[Data in this exercise]
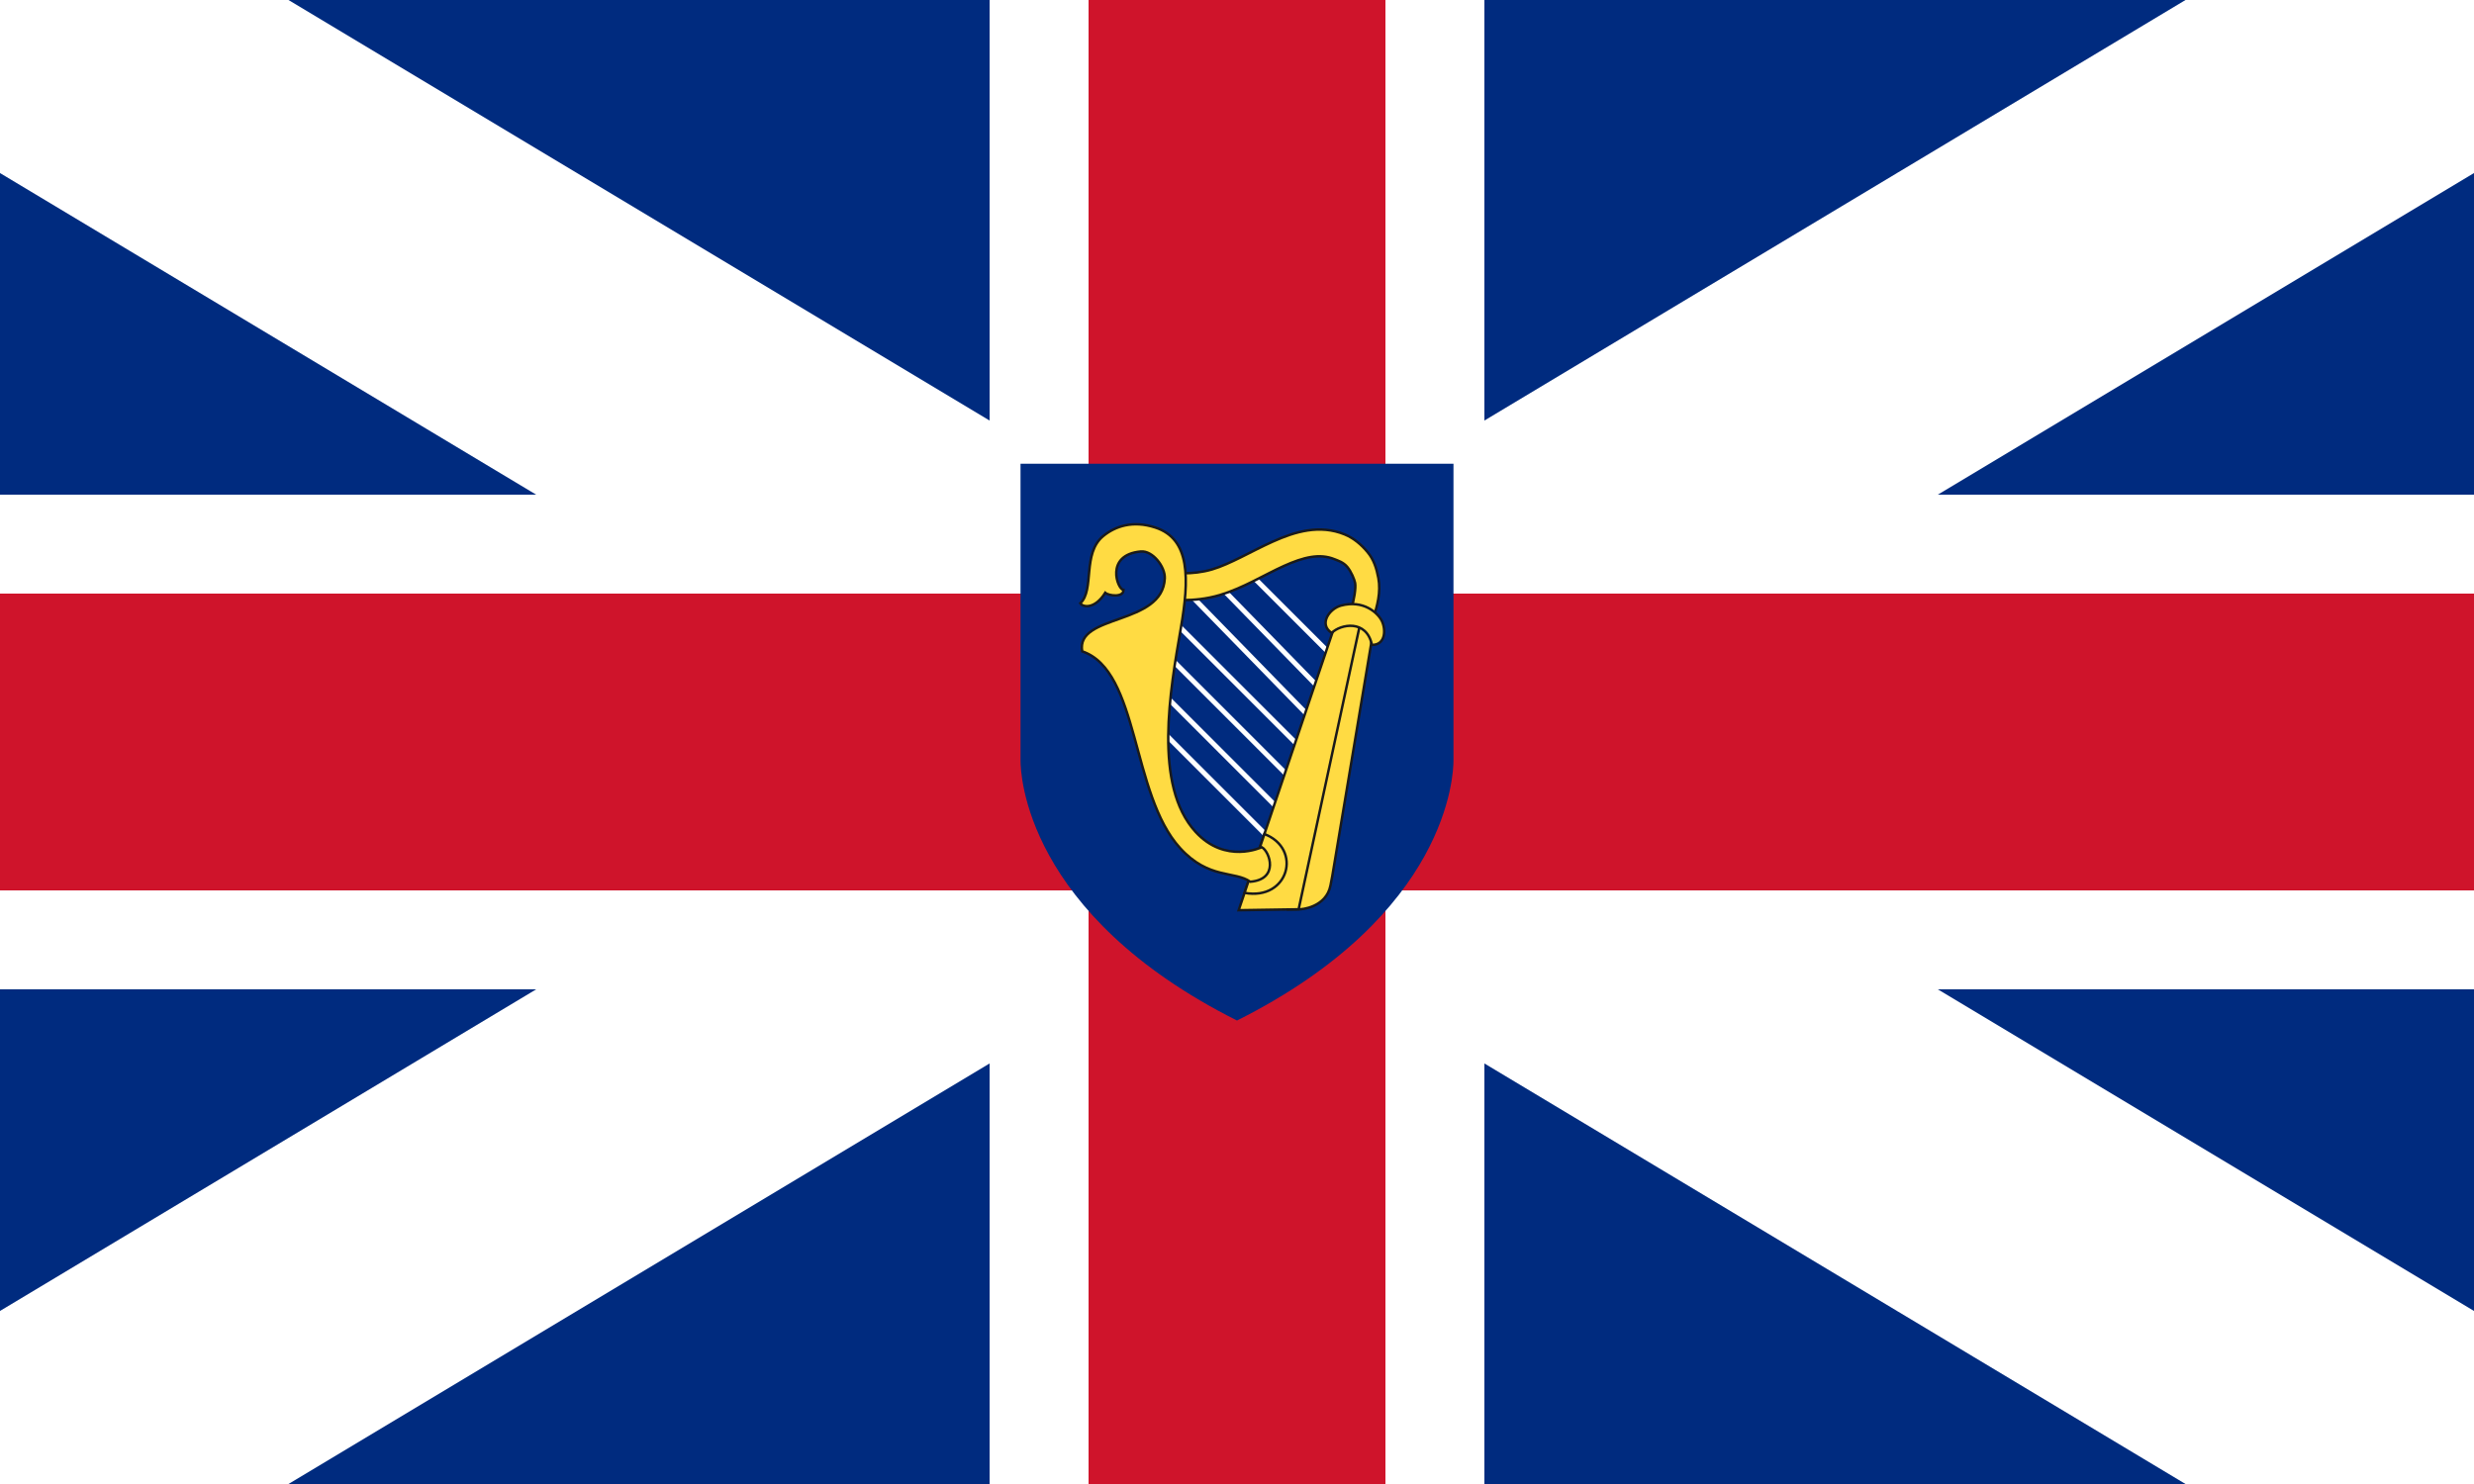 <?xml version="1.0" encoding="UTF-8"?>
<svg xmlns="http://www.w3.org/2000/svg" width="1000" height="600">
	<rect width="1000" height="600" fill="#002b7f"/>
	<path d="M 0,0 L 1000,600 M 1000,0 L 0,600" stroke="#fff" stroke-width="120"/>
	<path d="M 500,0 V 600 M 0,300 H 1000" stroke="#fff" stroke-width="200"/>
	<path d="M 500,0 V 600 M 0,300 H 1000" stroke="#cf142b" stroke-width="120"/>
	<path d="M 587.5,187.5 v 120 c 0,5.374 -1.782,62.122 -87.5,105.113 C 414.282,369.559 412.5,312.811 412.5,307.5 v -120 z" fill="#002b7f"/>
	<path d="M 468.692,294.546 l 44.079,44.079 M 469.156,279.417 l 47.11,47.11 M 465.466,258.522 l 55.101,55.101 M 471.65,248.306 l 55.101,55.101 M 481.281,240.617 l 48.626,49.838 M 489.769,233.645 l 48.626,49.838 M 501.43,228.161 l 44.079,44.079" stroke="#fff" stroke-width="2"/>
	<g fill="#ffdb43" stroke="#1a1a1a" stroke-width="1">
		<path d="M 528.562,214.465 c -4.894,0.74 -9.648,2.511 -14.074,4.506 c -8.851,3.989 -17.198,9.062 -24.517,11.238 c -8.366,2.487 -16.247,1.272 -16.247,1.272 l -1.723,10.708 c 0,0 10.02,1.668 21.071,-1.617 c 9.385,-2.79 17.94,-8.168 25.868,-11.741 c 7.928,-3.573 14.465,-5.199 20.488,-2.73 c 1.285,0.527 3.557,1.19 5.164,3.123 c 1.607,1.933 2.907,5.153 3.15,6.445 c 0.377,2.009 -0.375,6.817 -1.617,10.681 C 544.883,250.214 543.475,253.162 543.475,253.162 l 8.513,4.638 c 0,0 1.703,-3.541 3.181,-8.137 C 556.646,245.067 558.217,239.476 557.13,233.681 C 556.385,229.712 555.282,226.245 552.76,223.212 C 550.239,220.178 547.204,217.585 543.537,216.082 C 538.487,214.011 533.455,213.725 528.562,214.465 z"/>
		<path d="M 550.282,249.863 l -4.13,0.159 l -25.407,117.679 l 4.165,-0.065 c 1.009,0.148 11.161,-0.756 12.876,-9.659 l 0.727,-3.776 l 16.314,-97.521 l -3.408,-6.438 z"/>
		<path d="M 500.673,368.015 l 24.236,-0.379 l 25.372,-117.773 l -9.846,0.379 z"/>
		<path d="M 511.073,337.211 l -8.032,23.789 c 17.865,3.238 23.501,-17.841 8.032,-23.789 z"/>
		<path d="M 505.36,356.5 C 499.083,352.003 488.631,355.644 477.024,342.914 C 457.075,321.036 460.657,271.202 437.43,263.339 C 434.718,248.121 469.971,253.058 470.813,233.838 C 471.021,229.082 465.85,222.535 461.109,222.969 c -14.728,1.349 -9.352,15.527 -6.987,15.527 c 0.066,3.202 -6.036,2.392 -7.375,1.165 c -4.275,6.776 -9.044,5.862 -10.092,4.27 c 5.869,-5.391 0.679,-20.158 9.291,-27.205 c 4.834,-3.956 11.904,-6.397 20.986,-3.46 c 14.328,4.633 13.754,21.032 10.38,40.607 c -4.349,25.237 -11.226,63.697 5.923,82.443 c 12.142,13.274 26.784,6.211 26.784,6.211 c 3.224,1.729 7.127,13.01 -4.658,13.974 z"/>
		<path d="M 538.275,255.9 c 3.578,-3.584 14.099,-5.585 16.262,4.85 c 5.602,0.041 5.664,-6.276 3.994,-9.7 C 556.915,247.735 551.03,242.426 542.055,244.844 C 537.283,246.13 532.92,252.398 538.275,255.9 z"/>
	</g>
</svg>
[/Data in this exercise]
Instructions for the task:
Using the material above, tally each line where the word "width" appears. Reply with the total only.

Written response:
7